Historic district in Massachusetts, U.S.

The Charlotte Street-Esmond Street Historic District is a historic district encompassing a residential subdivision in the Dorchester neighborhood of Boston, Massachusetts. Centered on Charlotte and Esmond Streets, the area was developed in the early 20th century following the arrival of electrified street cars on nearby Blue Hill Avenue. The district was listed on the National Register of Historic Places in 2022.

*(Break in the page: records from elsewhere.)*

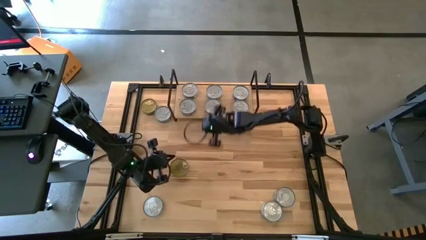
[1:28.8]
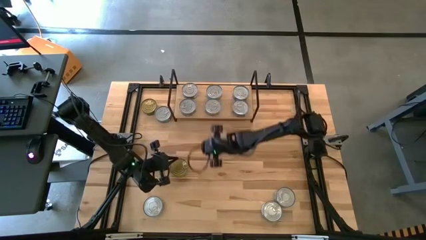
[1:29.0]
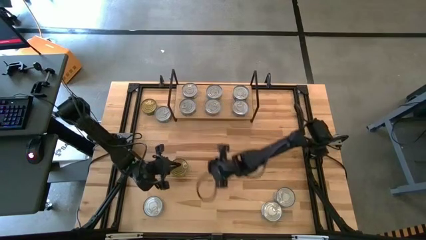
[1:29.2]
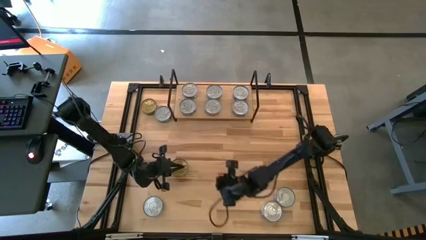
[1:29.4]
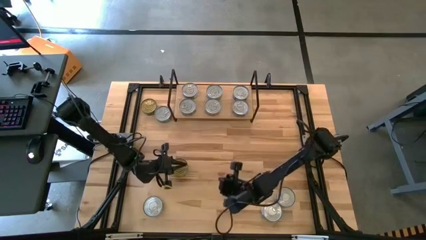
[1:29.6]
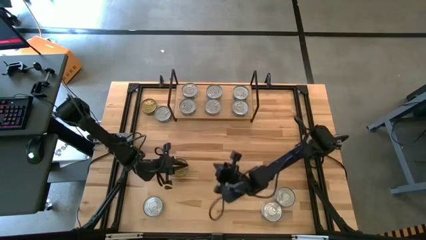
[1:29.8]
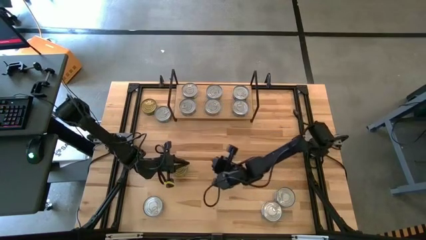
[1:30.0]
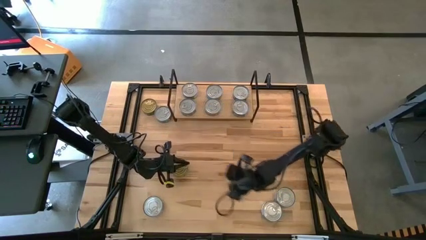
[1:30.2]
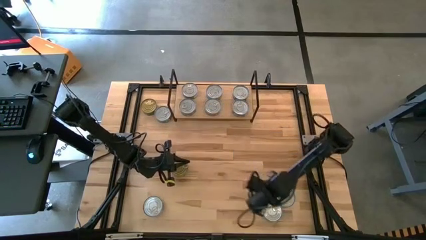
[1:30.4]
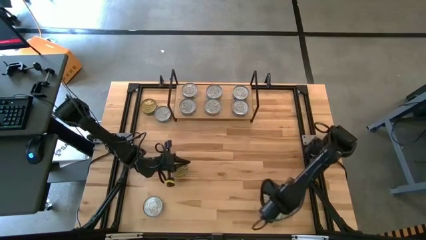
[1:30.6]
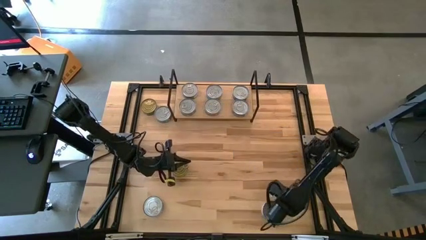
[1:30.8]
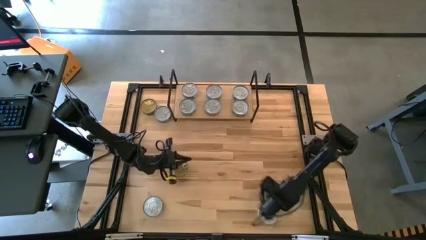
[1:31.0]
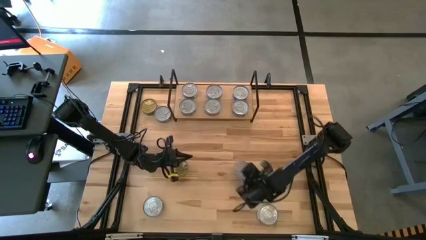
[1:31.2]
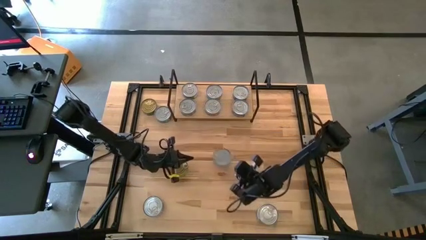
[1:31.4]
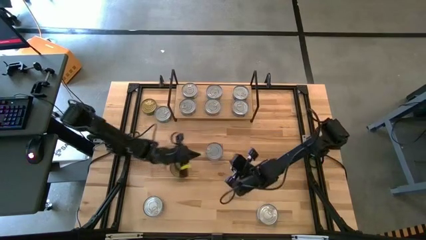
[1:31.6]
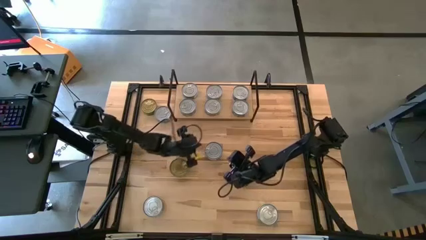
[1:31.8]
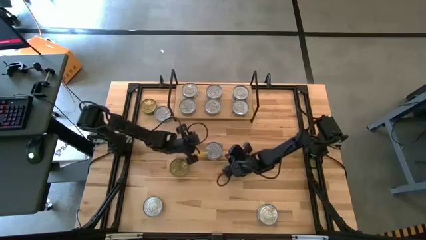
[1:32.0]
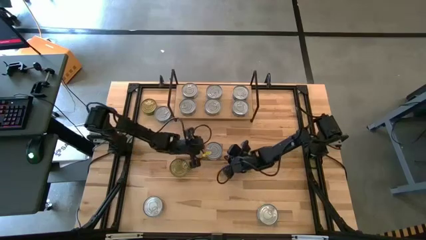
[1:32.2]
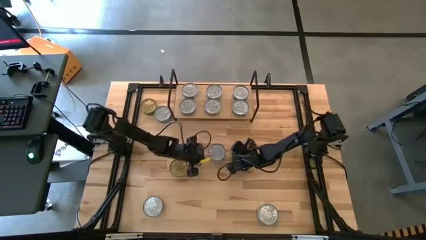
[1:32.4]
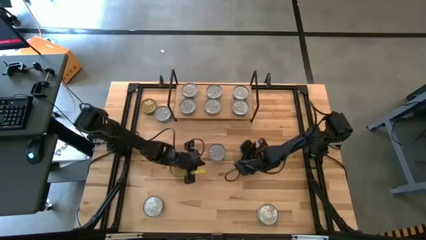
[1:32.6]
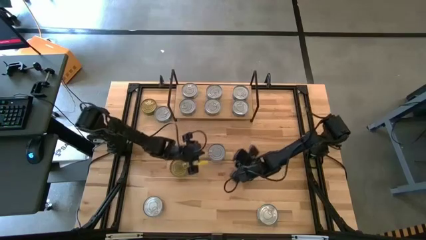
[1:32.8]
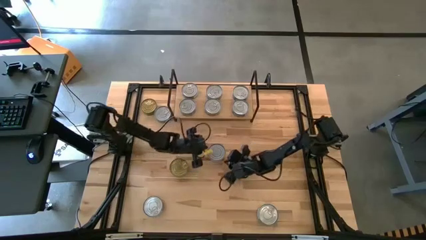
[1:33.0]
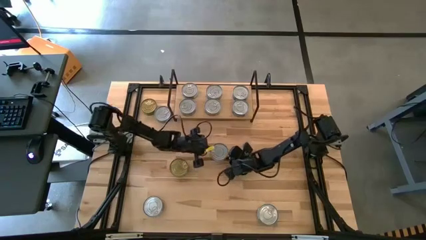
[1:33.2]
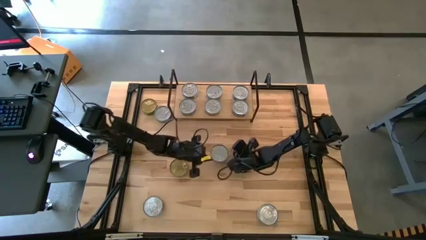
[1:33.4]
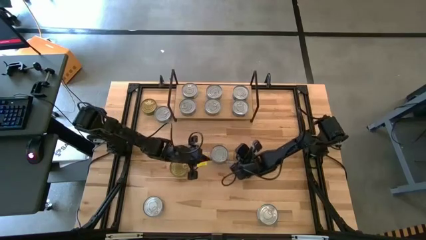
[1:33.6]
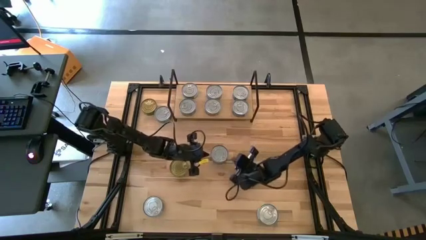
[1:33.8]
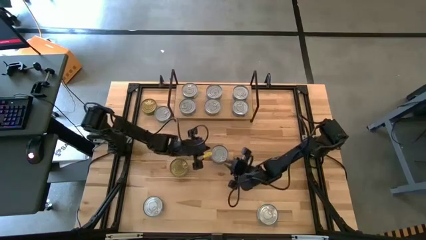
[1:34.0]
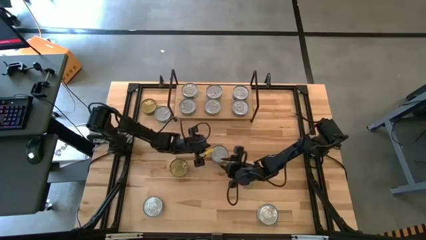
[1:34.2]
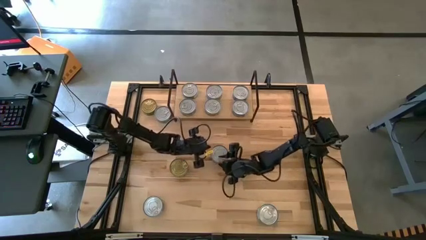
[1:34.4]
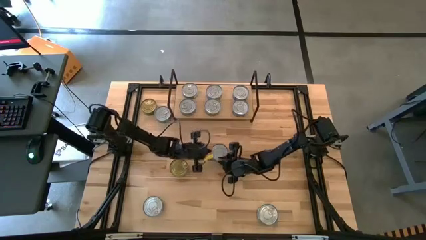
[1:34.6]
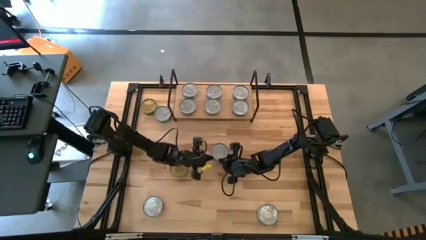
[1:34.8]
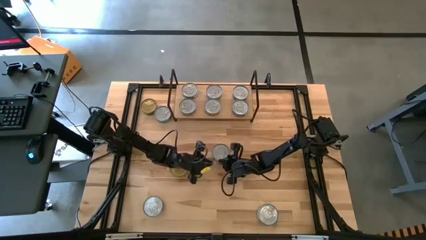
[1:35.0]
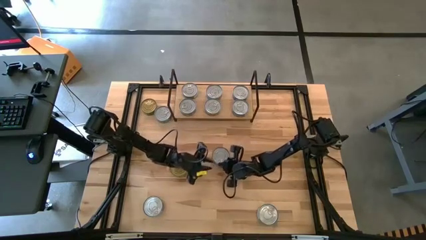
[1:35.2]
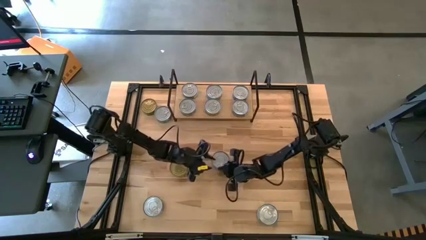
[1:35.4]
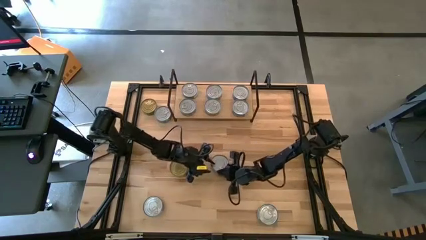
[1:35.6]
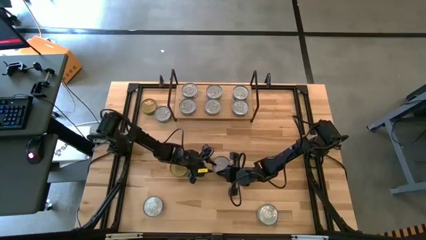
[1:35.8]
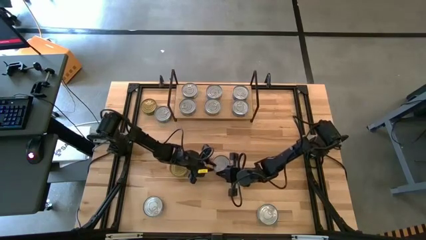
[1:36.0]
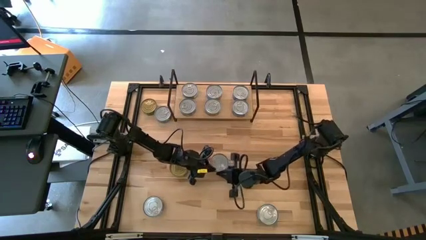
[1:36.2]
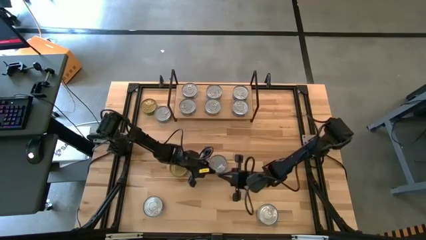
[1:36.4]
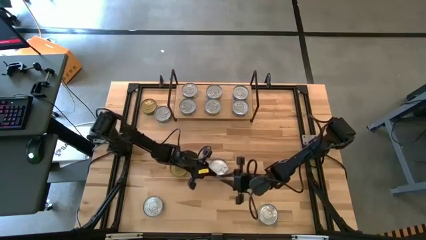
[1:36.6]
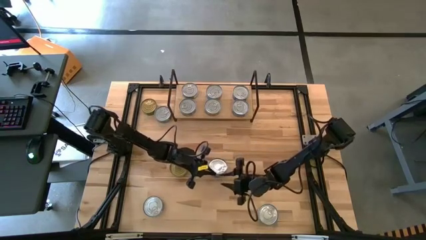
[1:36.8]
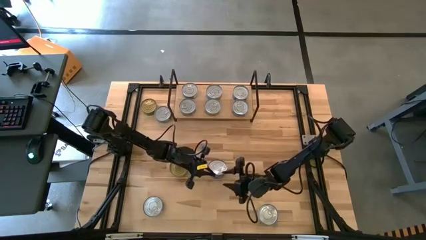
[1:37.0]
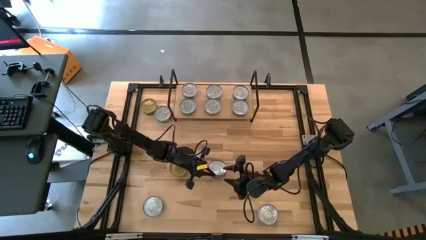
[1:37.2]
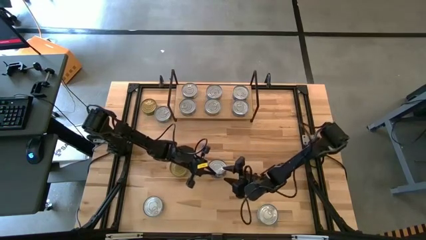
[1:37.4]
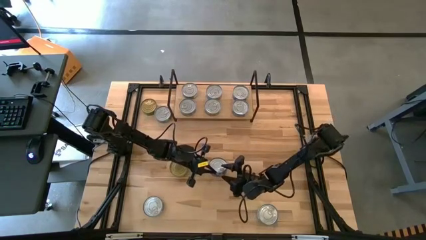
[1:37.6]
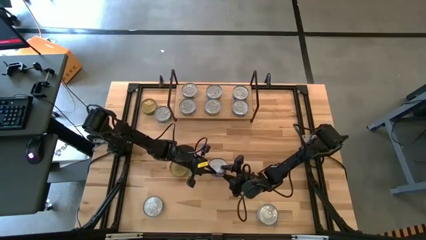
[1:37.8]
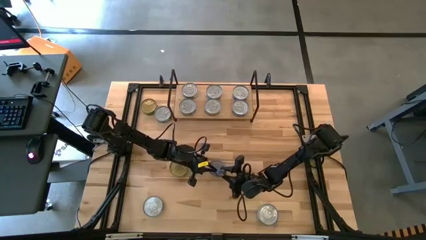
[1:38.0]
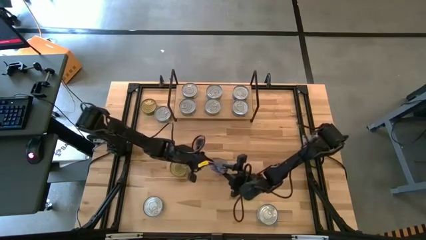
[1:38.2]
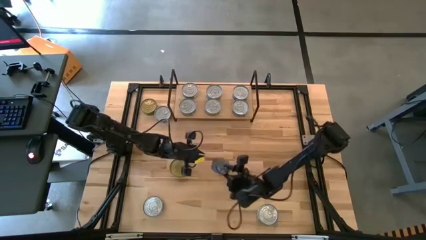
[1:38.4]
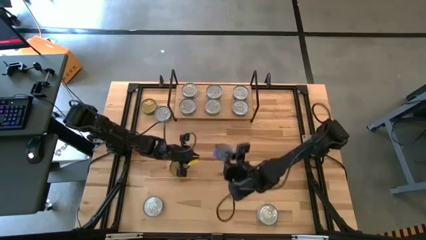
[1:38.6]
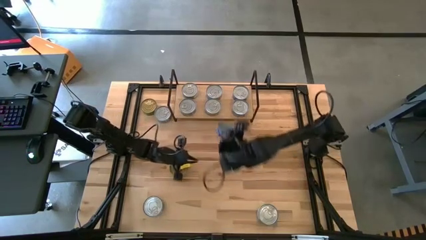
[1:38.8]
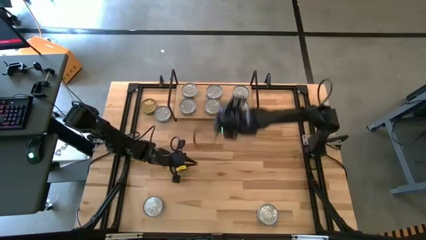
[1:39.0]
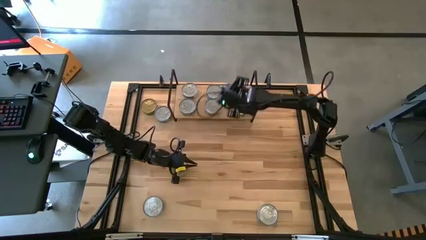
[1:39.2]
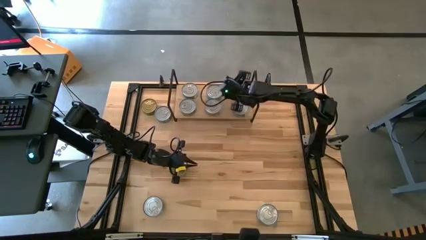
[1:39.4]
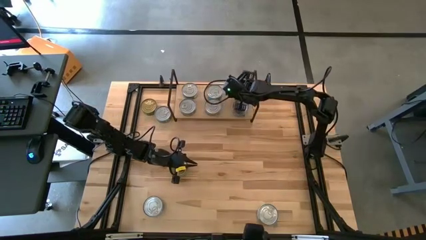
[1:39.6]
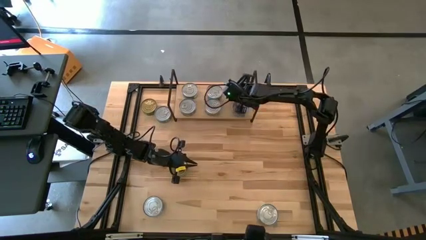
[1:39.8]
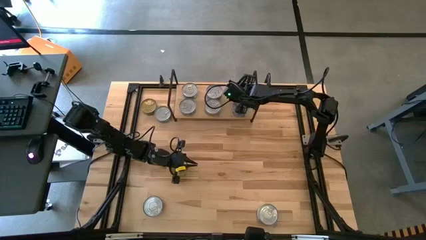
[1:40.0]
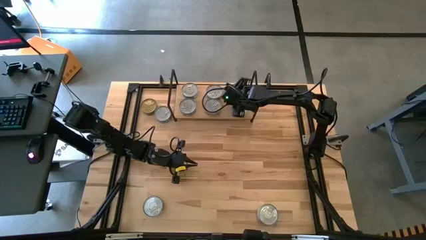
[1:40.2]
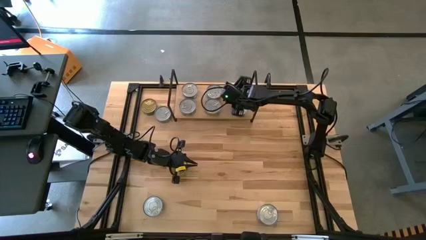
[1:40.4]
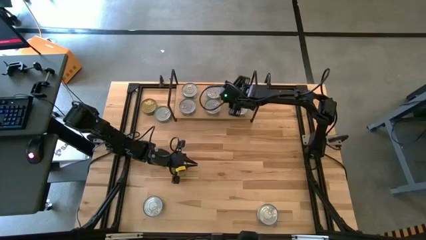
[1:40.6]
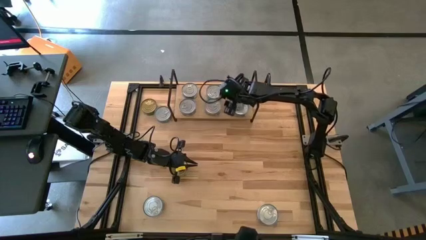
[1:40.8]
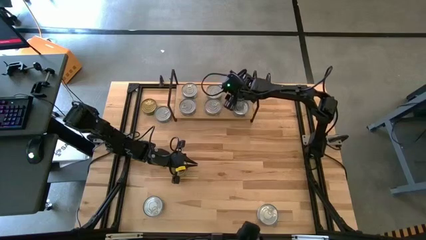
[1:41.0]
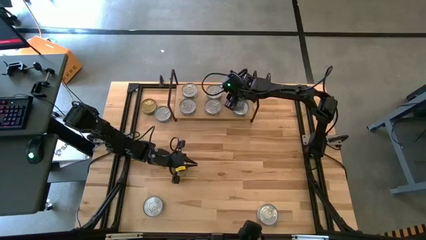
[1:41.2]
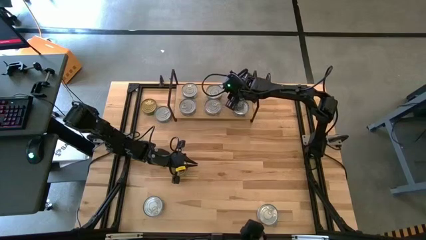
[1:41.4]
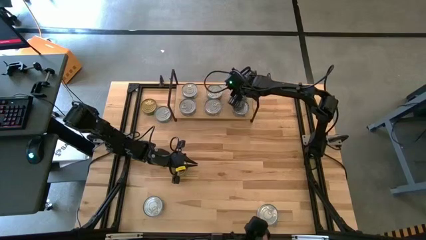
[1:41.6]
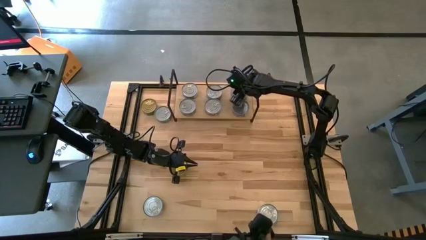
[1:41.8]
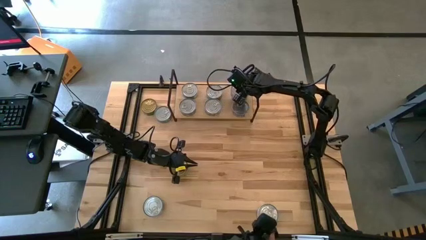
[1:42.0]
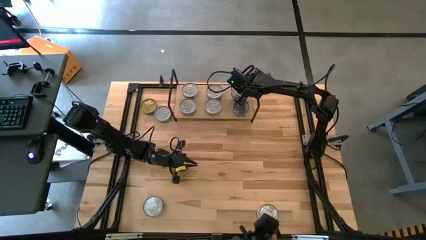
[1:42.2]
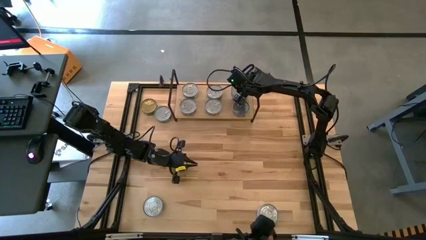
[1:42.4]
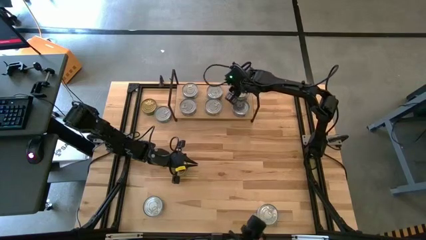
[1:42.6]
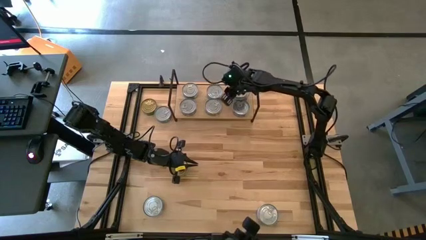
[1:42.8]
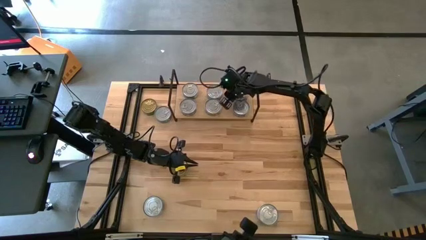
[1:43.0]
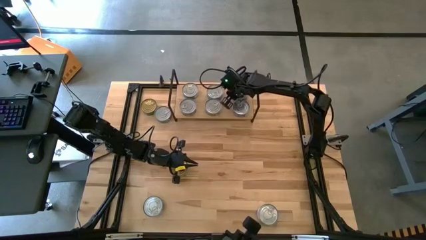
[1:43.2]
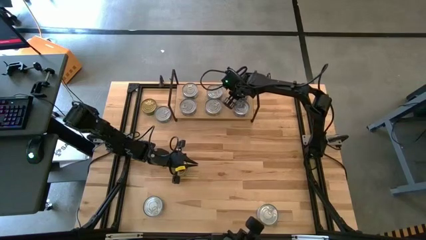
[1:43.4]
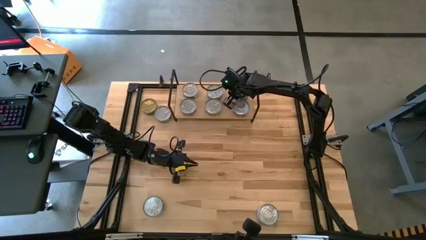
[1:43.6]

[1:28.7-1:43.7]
Task: Stack canned seafood by type on shelf
Stack the blue tuna can on top of the blue tuna can on the shelf

==Description and history==
Charlotte and Esmond Streets form part of a residential area southeast of Boston's Franklin Park and east of Blue Hill Avenue. The historic district includes a diversity of single and multiple-family residential structures, all characterized by their construction in the early 20th century, and by a preponderance of architectural styling popular in that period. The only non-residential buildings in the district face Blue Hill Avenue, and include a commercial-residential building and the William Endicott School, a Colonial Revival edifice built in 1906.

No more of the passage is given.